Globalization of travel, changes in technology, and the liberalization of trade all affect health. Communicable diseases spread more rapidly, often in drug-resistant form (4), environmental degradation reduces access to clean air and water, and knowledge of traditional and modern health technologies is increasingly patented and thus made artificially excludable (5). However, discussion of GPGs to date has typically been broad-based and multisectoral (for instance on the environment, international security and trade agreements), and most of the discussion within the health sector has been focused on medical technologies (3, 6, 7).

This has left many questions unanswered (8). For example, is health itself a GPG? To what extent does my (national) health depend on your (national) health? How many of the actions necessary to global health — communicable disease control, generation and dissemination of medical knowledge, public health infrastructure — constitute GPGs? What contribution can the GPG concept make to fulfilling these needs? Is international financing for these GPGs best coordinated through voluntary contributions, global taxation systems, or market-based mechanisms? Does the concept of GPGs undermine or support concepts of equity and human rights?

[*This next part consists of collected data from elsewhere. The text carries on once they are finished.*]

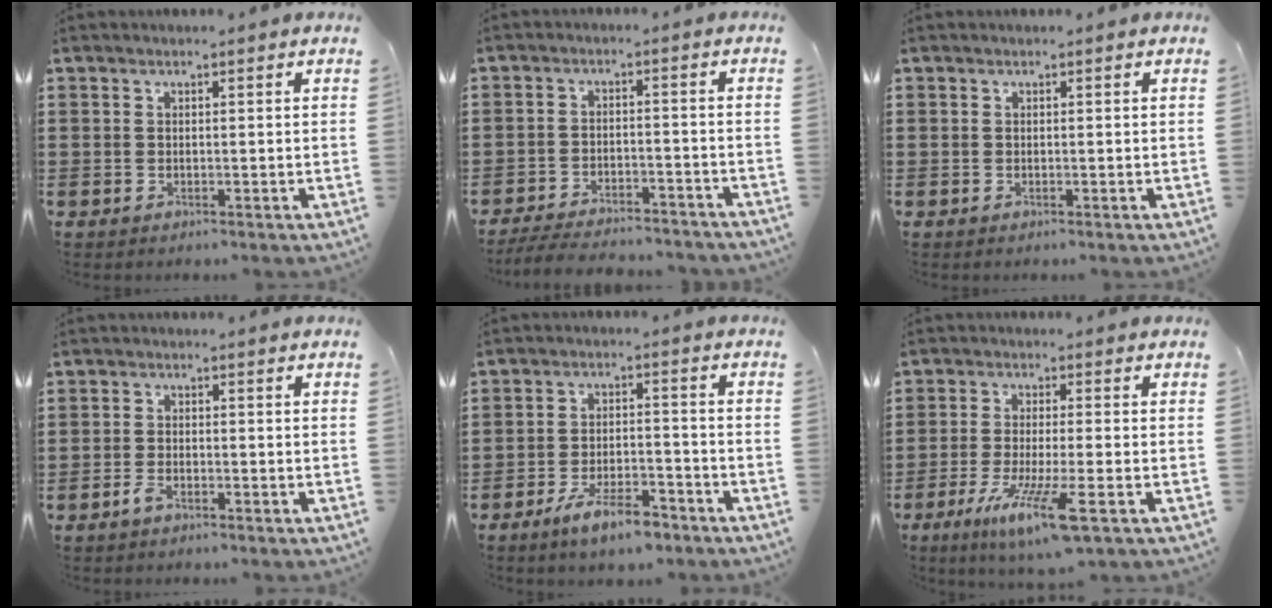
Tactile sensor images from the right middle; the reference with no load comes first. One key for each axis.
{"total": 5.1, "fx": -5.0, "fy": 0.4, "fz": 1.1, "tx": -0.029, "ty": 0.000, "tz": -0.102}
{"total": 0.0}
{"total": 2.0, "fx": -1.4, "fy": 0.6, "fz": 1.3, "tx": -0.040, "ty": -0.004, "tz": -0.031}
{"total": 6.9, "fx": -5.3, "fy": 1.7, "fz": 4.1, "tx": -0.082, "ty": 0.002, "tz": -0.099}
{"total": 8.8, "fx": -4.3, "fy": 0.6, "fz": 7.6, "tx": -0.153, "ty": -0.021, "tz": -0.077}
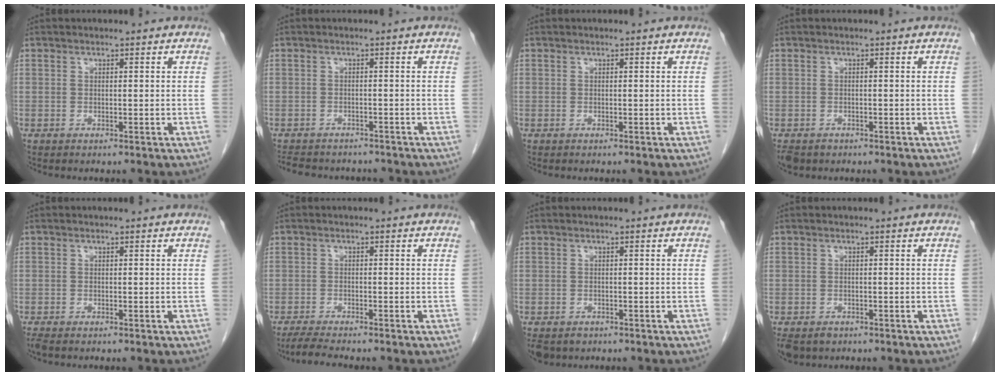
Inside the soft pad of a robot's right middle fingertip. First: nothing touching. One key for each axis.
{"total": 9.3, "fx": -8.3, "fy": 3.2, "fz": 2.8, "tx": -0.059, "ty": -0.001, "tz": -0.106}
{"total": 0.0}
{"total": 4.4, "fx": -3.0, "fy": 2.9, "fz": 1.4, "tx": -0.029, "ty": -0.004, "tz": -0.048}
{"total": 1.6, "fx": -1.3, "fy": 0.5, "fz": 0.8, "tx": -0.019, "ty": -0.007, "tz": -0.022}
{"total": 4.0, "fx": -3.5, "fy": -0.1, "fz": 1.9, "tx": -0.038, "ty": -0.014, "tz": -0.059}
{"total": 6.2, "fx": -3.8, "fy": 4.5, "fz": 2.1, "tx": -0.056, "ty": -0.009, "tz": -0.053}
{"total": 5.7, "fx": -3.6, "fy": 3.9, "fz": 2.1, "tx": -0.052, "ty": -0.008, "tz": -0.054}
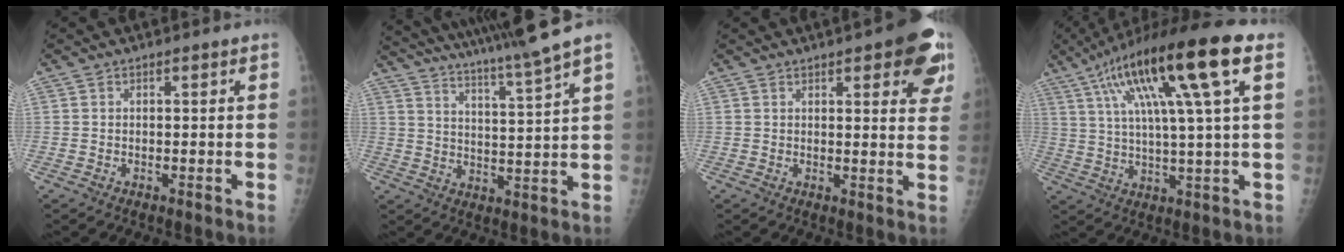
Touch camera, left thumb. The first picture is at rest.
{"total": 16.0, "force": [13.7, -2.1, 7.9], "torque": [-0.127, -0.083, 0.210]}
{"total": 12.1, "force": [6.1, 3.9, 9.7], "torque": [-0.081, -0.019, 0.069]}
{"total": 20.5, "force": [8.5, 2.3, 18.6], "torque": [-0.325, 0.012, 0.138]}

The first large-scale study of the application of the GPG concept to the health sector examines questions such as these, and has just been published (8). The study finds that, while the concept has important limitations, for some areas of health work it can offer guidance in the financing and provision of global health programmes. In these areas it provides a framework for collective action at the global level, demonstrates the advantages for the rich in helping the poor, and provides a rationale for industrialized countries to use national health budgets to complement traditional aid (as seen in the Polio Eradication Initiative (9)). Overall, the GPG concept will be increasingly important as a rationale and a guide for public health work in an era of globalization. 



1. Drager N, Beaglehole R. Globalization: changing the public health landscape. Bulletin of the World Health Organization 2001;79:803.

2. Kaul I, Faust M. Global public goods and health: taking the agenda forward. Bulletin of the World Health Organization 2001;79:869-74.

3. Kaul I, Grunberg I, Stern MA, editors. Global public goods: international cooperation in the 21st century. New York: Oxford University Press; 1999.

4. Smith RD, Coast J. Antimicrobial resistance: a global response. Bulletin of the World Health Organization 2002;80:126-33.

5. Thorsteinsdóttir H, Daar A, Smith RD, Singer P. Genomics — a global public good? Lancet 2003;361:891-2.

6. Kaul I, Conceição P, Le Goulven K, Mendoza RU, editors. Providing global public goods: managing globalization. New York: Oxford University Press; 2003.

7. Macroeconomics and health: investing in health for economic development. Report of the Commission on Macroeconomics and Health. Geneva: World Health Organization; 2001.

8. Smith RD, Beaglehole R, Woodward D, Drager N, editors. Global public goods for health: a health economic and public health perspective. Oxford: Oxford University Press; 2003.

9. Aylward B, Acharya A, England S, et al. Achieving global health goals: the politics and economics of polio eradication. Lancet (forthcoming).